### Problem to solve
Please restate the data that follows word for word, with the pictures left out.

=== Record set ===

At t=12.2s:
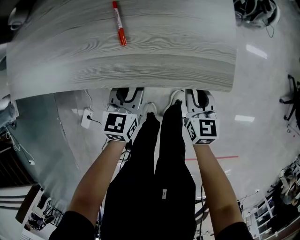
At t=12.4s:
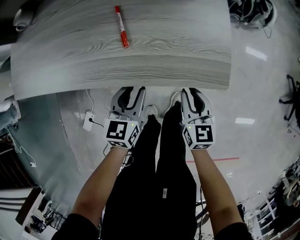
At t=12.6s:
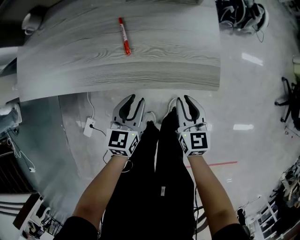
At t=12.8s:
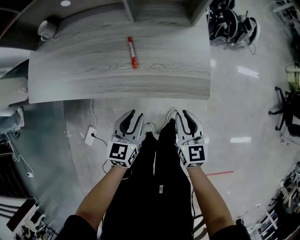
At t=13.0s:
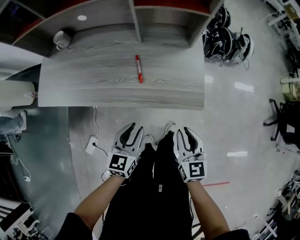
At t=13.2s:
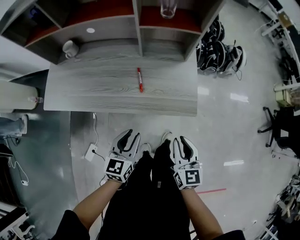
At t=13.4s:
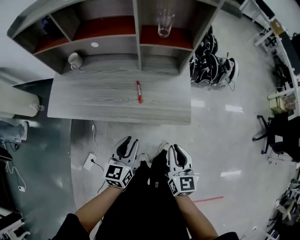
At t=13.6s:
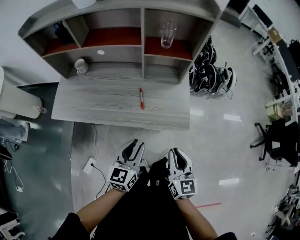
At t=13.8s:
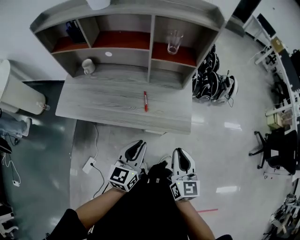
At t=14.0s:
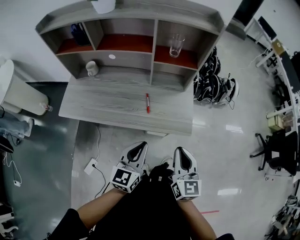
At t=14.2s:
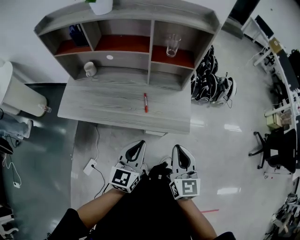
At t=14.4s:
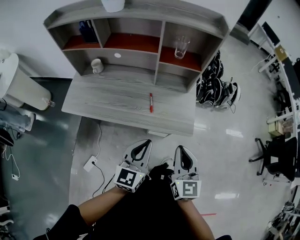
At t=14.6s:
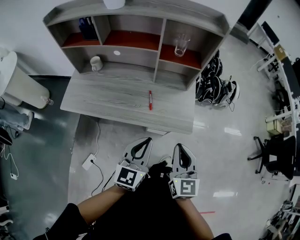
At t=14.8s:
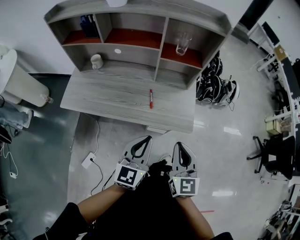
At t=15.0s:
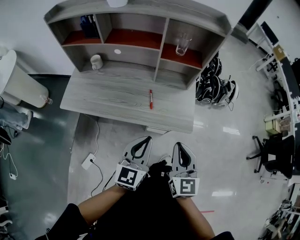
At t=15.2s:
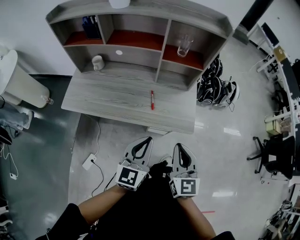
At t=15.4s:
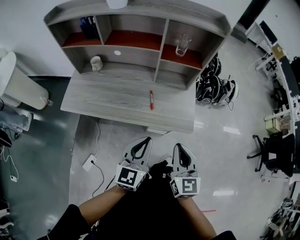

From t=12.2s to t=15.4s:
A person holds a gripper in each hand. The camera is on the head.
From t=12.2s to t=13.8s: The two grippers go some 40 cm upward.
From t=13.8s to t=15.4s: The left gripper shifts approximately 5 cm upward, while the right gripper ends up roughly 5 cm from where it was.

===

### Answer space
At t=12.2s:
At t=12.4s:
At t=12.6s:
At t=12.8s:
At t=13.0s:
At t=13.2s:
At t=13.4s:
At t=13.6s:
At t=13.8s:
At t=14.0s:
At t=14.2s:
At t=14.4s:
At t=14.6s:
At t=14.8s:
At t=15.0s:
At t=15.2s:
At t=15.4s:

From t=12.2s to t=15.4s:
A person holds a gripper in each hand. The camera is on the head.
From t=12.2s to t=13.8s: The two grippers go some 40 cm upward.
From t=13.8s to t=15.4s: The left gripper shifts approximately 5 cm upward, while the right gripper ends up roughly 5 cm from where it was.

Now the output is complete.